##### Supplied records #####
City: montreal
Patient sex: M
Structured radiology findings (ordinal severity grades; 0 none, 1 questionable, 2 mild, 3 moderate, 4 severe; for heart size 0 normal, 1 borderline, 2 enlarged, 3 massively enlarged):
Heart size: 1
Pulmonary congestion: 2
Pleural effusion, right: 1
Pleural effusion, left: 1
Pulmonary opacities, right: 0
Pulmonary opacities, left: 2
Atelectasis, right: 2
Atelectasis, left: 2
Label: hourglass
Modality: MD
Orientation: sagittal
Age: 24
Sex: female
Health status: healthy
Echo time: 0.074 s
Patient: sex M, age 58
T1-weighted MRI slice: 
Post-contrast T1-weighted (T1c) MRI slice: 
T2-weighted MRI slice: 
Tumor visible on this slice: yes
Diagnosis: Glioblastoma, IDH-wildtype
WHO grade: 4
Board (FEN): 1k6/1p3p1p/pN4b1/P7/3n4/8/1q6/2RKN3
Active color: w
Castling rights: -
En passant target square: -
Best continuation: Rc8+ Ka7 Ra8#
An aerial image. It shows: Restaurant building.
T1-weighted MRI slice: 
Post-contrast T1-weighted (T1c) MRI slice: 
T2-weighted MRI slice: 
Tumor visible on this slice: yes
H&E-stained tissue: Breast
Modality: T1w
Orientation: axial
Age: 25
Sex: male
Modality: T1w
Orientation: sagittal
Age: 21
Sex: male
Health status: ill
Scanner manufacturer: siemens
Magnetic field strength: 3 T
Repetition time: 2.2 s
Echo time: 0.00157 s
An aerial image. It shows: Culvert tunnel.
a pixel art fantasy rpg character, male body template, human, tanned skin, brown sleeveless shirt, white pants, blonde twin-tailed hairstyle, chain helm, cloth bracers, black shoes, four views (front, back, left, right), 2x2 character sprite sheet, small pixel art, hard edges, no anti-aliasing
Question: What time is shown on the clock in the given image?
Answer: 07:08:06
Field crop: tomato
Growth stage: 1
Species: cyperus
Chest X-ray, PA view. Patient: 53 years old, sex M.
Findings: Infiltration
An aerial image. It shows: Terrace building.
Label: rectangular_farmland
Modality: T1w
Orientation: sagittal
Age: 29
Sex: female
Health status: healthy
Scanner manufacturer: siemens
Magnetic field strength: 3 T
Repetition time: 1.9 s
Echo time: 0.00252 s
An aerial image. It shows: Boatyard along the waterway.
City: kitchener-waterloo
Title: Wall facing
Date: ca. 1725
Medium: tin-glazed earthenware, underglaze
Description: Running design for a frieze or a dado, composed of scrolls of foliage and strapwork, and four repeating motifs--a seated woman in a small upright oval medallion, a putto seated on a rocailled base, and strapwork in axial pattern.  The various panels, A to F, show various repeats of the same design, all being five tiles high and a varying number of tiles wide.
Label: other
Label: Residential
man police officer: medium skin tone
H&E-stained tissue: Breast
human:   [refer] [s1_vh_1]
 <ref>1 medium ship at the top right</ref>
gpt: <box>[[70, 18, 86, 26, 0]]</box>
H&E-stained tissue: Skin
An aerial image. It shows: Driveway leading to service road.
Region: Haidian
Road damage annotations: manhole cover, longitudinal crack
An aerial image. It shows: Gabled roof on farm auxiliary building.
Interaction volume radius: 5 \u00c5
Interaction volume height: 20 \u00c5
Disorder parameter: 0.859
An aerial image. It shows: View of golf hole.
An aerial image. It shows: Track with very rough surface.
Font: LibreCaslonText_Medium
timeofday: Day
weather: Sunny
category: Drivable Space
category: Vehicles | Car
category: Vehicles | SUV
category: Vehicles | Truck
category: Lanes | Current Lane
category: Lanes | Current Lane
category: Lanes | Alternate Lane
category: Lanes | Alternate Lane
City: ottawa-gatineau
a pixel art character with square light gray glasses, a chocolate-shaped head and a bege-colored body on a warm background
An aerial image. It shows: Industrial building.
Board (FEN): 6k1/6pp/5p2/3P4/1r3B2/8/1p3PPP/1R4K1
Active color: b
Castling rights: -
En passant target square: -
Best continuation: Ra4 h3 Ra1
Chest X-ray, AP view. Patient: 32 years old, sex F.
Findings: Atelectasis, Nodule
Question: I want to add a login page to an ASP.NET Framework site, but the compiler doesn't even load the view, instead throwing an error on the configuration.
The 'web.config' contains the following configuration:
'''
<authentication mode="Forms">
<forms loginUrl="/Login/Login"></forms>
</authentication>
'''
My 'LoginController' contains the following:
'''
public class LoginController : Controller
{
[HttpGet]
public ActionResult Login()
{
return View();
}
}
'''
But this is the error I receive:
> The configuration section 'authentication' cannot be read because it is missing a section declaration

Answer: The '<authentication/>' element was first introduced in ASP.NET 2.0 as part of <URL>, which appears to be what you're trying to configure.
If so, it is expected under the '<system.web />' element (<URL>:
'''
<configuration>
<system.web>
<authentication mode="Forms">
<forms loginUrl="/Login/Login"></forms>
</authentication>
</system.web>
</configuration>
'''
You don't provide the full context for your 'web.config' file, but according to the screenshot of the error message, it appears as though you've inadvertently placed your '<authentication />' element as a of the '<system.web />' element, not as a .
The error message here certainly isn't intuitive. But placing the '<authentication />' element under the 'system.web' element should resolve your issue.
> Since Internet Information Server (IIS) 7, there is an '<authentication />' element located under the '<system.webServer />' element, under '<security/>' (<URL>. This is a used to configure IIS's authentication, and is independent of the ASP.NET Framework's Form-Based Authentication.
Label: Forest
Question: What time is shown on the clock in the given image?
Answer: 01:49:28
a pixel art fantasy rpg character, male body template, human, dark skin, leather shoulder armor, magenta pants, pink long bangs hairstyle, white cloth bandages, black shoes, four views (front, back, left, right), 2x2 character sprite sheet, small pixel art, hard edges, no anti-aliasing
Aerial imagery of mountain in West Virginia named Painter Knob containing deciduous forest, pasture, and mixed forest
#####
* Task prompt *
Please output the records once more, exactly as they were written.

* Answer below *
City: montreal
Patient sex: M
Structured radiology findings (ordinal severity grades; 0 none, 1 questionable, 2 mild, 3 moderate, 4 severe; for heart size 0 normal, 1 borderline, 2 enlarged, 3 massively enlarged):
Heart size: 1
Pulmonary congestion: 2
Pleural effusion, right: 1
Pleural effusion, left: 1
Pulmonary opacities, right: 0
Pulmonary opacities, left: 2
Atelectasis, right: 2
Atelectasis, left: 2
Label: hourglass
Modality: MD
Orientation: sagittal
Age: 24
Sex: female
Health status: healthy
Echo time: 0.074 s
Patient: sex M, age 58
T1-weighted MRI slice: 
Post-contrast T1-weighted (T1c) MRI slice: 
T2-weighted MRI slice: 
Tumor visible on this slice: yes
Diagnosis: Glioblastoma, IDH-wildtype
WHO grade: 4
Board (FEN): 1k6/1p3p1p/pN4b1/P7/3n4/8/1q6/2RKN3
Active color: w
Castling rights: -
En passant target square: -
Best continuation: Rc8+ Ka7 Ra8#
An aerial image. It shows: Restaurant building.
T1-weighted MRI slice: 
Post-contrast T1-weighted (T1c) MRI slice: 
T2-weighted MRI slice: 
Tumor visible on this slice: yes
H&E-stained tissue: Breast
Modality: T1w
Orientation: axial
Age: 25
Sex: male
Modality: T1w
Orientation: sagittal
Age: 21
Sex: male
Health status: ill
Scanner manufacturer: siemens
Magnetic field strength: 3 T
Repetition time: 2.2 s
Echo time: 0.00157 s
An aerial image. It shows: Culvert tunnel.
a pixel art fantasy rpg character, male body template, human, tanned skin, brown sleeveless shirt, white pants, blonde twin-tailed hairstyle, chain helm, cloth bracers, black shoes, four views (front, back, left, right), 2x2 character sprite sheet, small pixel art, hard edges, no anti-aliasing
Question: What time is shown on the clock in the given image?
Answer: 07:08:06
Field crop: tomato
Growth stage: 1
Species: cyperus
Chest X-ray, PA view. Patient: 53 years old, sex M.
Findings: Infiltration
An aerial image. It shows: Terrace building.
Label: rectangular_farmland
Modality: T1w
Orientation: sagittal
Age: 29
Sex: female
Health status: healthy
Scanner manufacturer: siemens
Magnetic field strength: 3 T
Repetition time: 1.9 s
Echo time: 0.00252 s
An aerial image. It shows: Boatyard along the waterway.
City: kitchener-waterloo
Title: Wall facing
Date: ca. 1725
Medium: tin-glazed earthenware, underglaze
Description: Running design for a frieze or a dado, composed of scrolls of foliage and strapwork, and four repeating motifs--a seated woman in a small upright oval medallion, a putto seated on a rocailled base, and strapwork in axial pattern.  The various panels, A to F, show various repeats of the same design, all being five tiles high and a varying number of tiles wide.
Label: other
Label: Residential
man police officer: medium skin tone
H&E-stained tissue: Breast
human:   [refer] [s1_vh_1]
 <ref>1 medium ship at the top right</ref>
gpt: <box>[[70, 18, 86, 26, 0]]</box>
H&E-stained tissue: Skin
An aerial image. It shows: Driveway leading to service road.
Region: Haidian
Road damage annotations: manhole cover, longitudinal crack
An aerial image. It shows: Gabled roof on farm auxiliary building.
Interaction volume radius: 5 \u00c5
Interaction volume height: 20 \u00c5
Disorder parameter: 0.859
An aerial image. It shows: View of golf hole.
An aerial image. It shows: Track with very rough surface.
Font: LibreCaslonText_Medium
timeofday: Day
weather: Sunny
category: Drivable Space
category: Vehicles | Car
category: Vehicles | SUV
category: Vehicles | Truck
category: Lanes | Current Lane
category: Lanes | Current Lane
category: Lanes | Alternate Lane
category: Lanes | Alternate Lane
City: ottawa-gatineau
a pixel art character with square light gray glasses, a chocolate-shaped head and a bege-colored body on a warm background
An aerial image. It shows: Industrial building.
Board (FEN): 6k1/6pp/5p2/3P4/1r3B2/8/1p3PPP/1R4K1
Active color: b
Castling rights: -
En passant target square: -
Best continuation: Ra4 h3 Ra1
Chest X-ray, AP view. Patient: 32 years old, sex F.
Findings: Atelectasis, Nodule
Question: I want to add a login page to an ASP.NET Framework site, but the compiler doesn't even load the view, instead throwing an error on the configuration.
The 'web.config' contains the following configuration:
'''
<authentication mode="Forms">
<forms loginUrl="/Login/Login"></forms>
</authentication>
'''
My 'LoginController' contains the following:
'''
public class LoginController : Controller
{
[HttpGet]
public ActionResult Login()
{
return View();
}
}
'''
But this is the error I receive:
> The configuration section 'authentication' cannot be read because it is missing a section declaration

Answer: The '<authentication/>' element was first introduced in ASP.NET 2.0 as part of <URL>, which appears to be what you're trying to configure.
If so, it is expected under the '<system.web />' element (<URL>:
'''
<configuration>
<system.web>
<authentication mode="Forms">
<forms loginUrl="/Login/Login"></forms>
</authentication>
</system.web>
</configuration>
'''
You don't provide the full context for your 'web.config' file, but according to the screenshot of the error message, it appears as though you've inadvertently placed your '<authentication />' element as a of the '<system.web />' element, not as a .
The error message here certainly isn't intuitive. But placing the '<authentication />' element under the 'system.web' element should resolve your issue.
> Since Internet Information Server (IIS) 7, there is an '<authentication />' element located under the '<system.webServer />' element, under '<security/>' (<URL>. This is a used to configure IIS's authentication, and is independent of the ASP.NET Framework's Form-Based Authentication.
Label: Forest
Question: What time is shown on the clock in the given image?
Answer: 01:49:28
a pixel art fantasy rpg character, male body template, human, dark skin, leather shoulder armor, magenta pants, pink long bangs hairstyle, white cloth bandages, black shoes, four views (front, back, left, right), 2x2 character sprite sheet, small pixel art, hard edges, no anti-aliasing
Aerial imagery of mountain in West Virginia named Painter Knob containing deciduous forest, pasture, and mixed forest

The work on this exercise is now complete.